DAY 3: Of Mice and Crying

Thursday, January 19, 2023

WFIW of the Day: Yesterday was a clusterfuck of chores… none of which were really WFIW to do… but I DID choose them because they distracted me from feeling other things. So, oh well. Who said doing whatever the fuck I wanted would be easy??


Last night, I found my teenage girl sobbing alone at the dinner table.

She was reading the high-school-English-class staple “Of Mice and Men” by John Steinbeck and barely a chapter in, Lennie the dumb-witted giant smothers a mouse in his hands, petting it with too much love and possession.

I remember reading this same passage when I was a teenager and feeling a slight hitch of “oh that poor mouse!”

Not my daughter. She read those words and merged completely with the fictional rodent and knew, with certainty, how the poor thing must have felt. Trapped, frantic, overwhelmed with panic and mortal fear. Then, pain as it was slowly crushed.

She felt it all. Imagine feeling it all…


And she didn’t stop there. She started thinking about, not just this imaginary mouse, but ALL the hypothetical mice in the world.

She googled “Do mice feel fear and pain?”

So, when I found her at the dining room table, she was deep down a mouse hole of pain.

On her computer screen? Articles titled “Mice feel EACH OTHER’S fear and suffering.” Dozens of images of adorable, plump little creatures grooming and comforting each other.

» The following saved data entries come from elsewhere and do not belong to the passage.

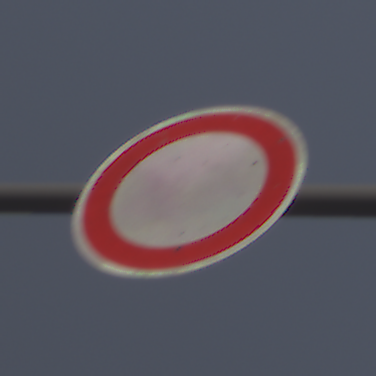
Verkehrszeichen: VerbotFahrzeugeAllerArt
Umgebung: Outdoor, Nature
Tageszeit: SunriseSunset
Wetter: Overcast
Licht: Natural
Jahreszeit: NotSpecified
Kontrast: LowContrast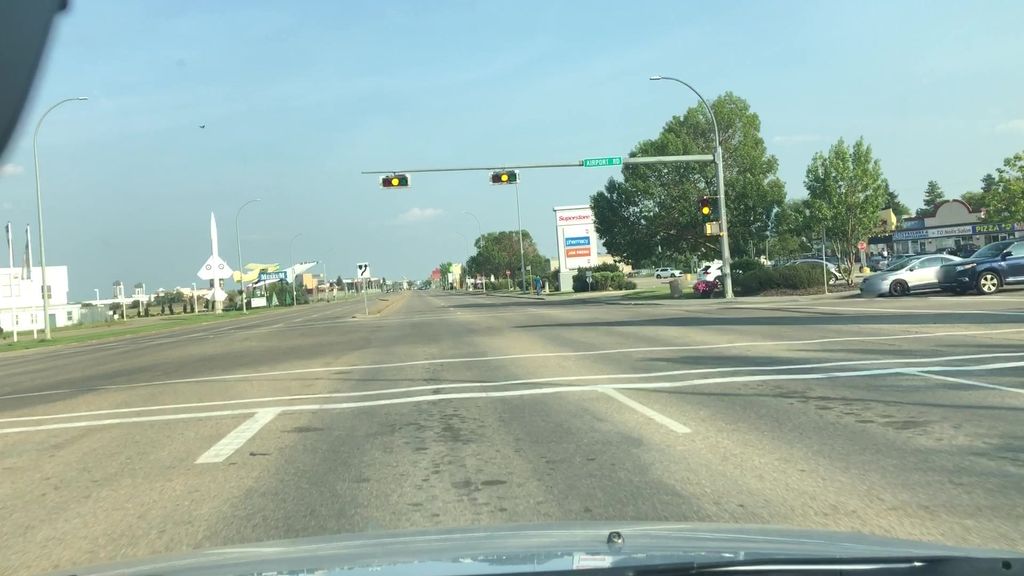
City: edmonton

She explained to me, with red eyes and real pain:

“I just keep imagining whenever I have to go to the doctor’s and get a shot and I feel so scared, but I’m trapped and I can’t go anywhere and the needle is coming and suddenly I can’t move.”

“The mice in all the testing labs must feel that way, too.”

I tried to explain to her that animals do feel pain and fear… but they don’t make up stories in their heads about it like us humans do. So their pain is cleaner. They don’t add the layer of suffering on top that goes, “Well, this is how the world is, a miserable place. Of course this would happen to me. I’m a worthless, unlovable creature who gets all the crap in life.”

But mostly, I hugged her and agreed with her that it WAS sad and that I loved this part of her so much.


This part of her I can only understand intellectually. Because I DON’T feel what other people and animals feel.

I have a fortified defensive perimeter around the feeling parts of my brain. I have the knowledge that mice get tortured in labs, but I do not know their pain. I can read about horrific things happening on the other side of the world and say, “Oh that’s so tragic.” But it does not cripple me with sadness.

I guess that would make me a kickass asset in a zombie apocalypse. If it came down to butchering animals for food, I’d feel an initial repulsion, but I suspect I’d get over it quickly and just get the job done.

I don’t think my daughter would do very well in a movie about the undead.

But in this world of the living, her empathy is a goddamn superpower.

Her empathy is why she can’t stand to eat animals. She sees a slice of bacon and can’t help but experience the pain of factory farming, as if it was happening to her.

That makes her the most powerful agent of change.

Because she’s not a vegetarian out of some forced sense of obligation to the planet, or because it’s the “right” thing to do. She’s vegetarian because eating animals just FEELS WRONG to her.


It’s going to be hard for her, taking in all the shit that’s wrong in the world. It’ll be hard to feel all of that.

When I found her at the dining room table and understood why she was crying, I felt a stab of panic… a compulsion to try and protect her from all of it.

But then I remembered… it’s ok for her to feel pain. It will only turn into suffering if she feels like that SHE is wrong because of it.

She’s not wrong. She’s holy.

She’s divine.

With Love,

Shinah


P.S. - Writing each morning is starting to feel like a refuge.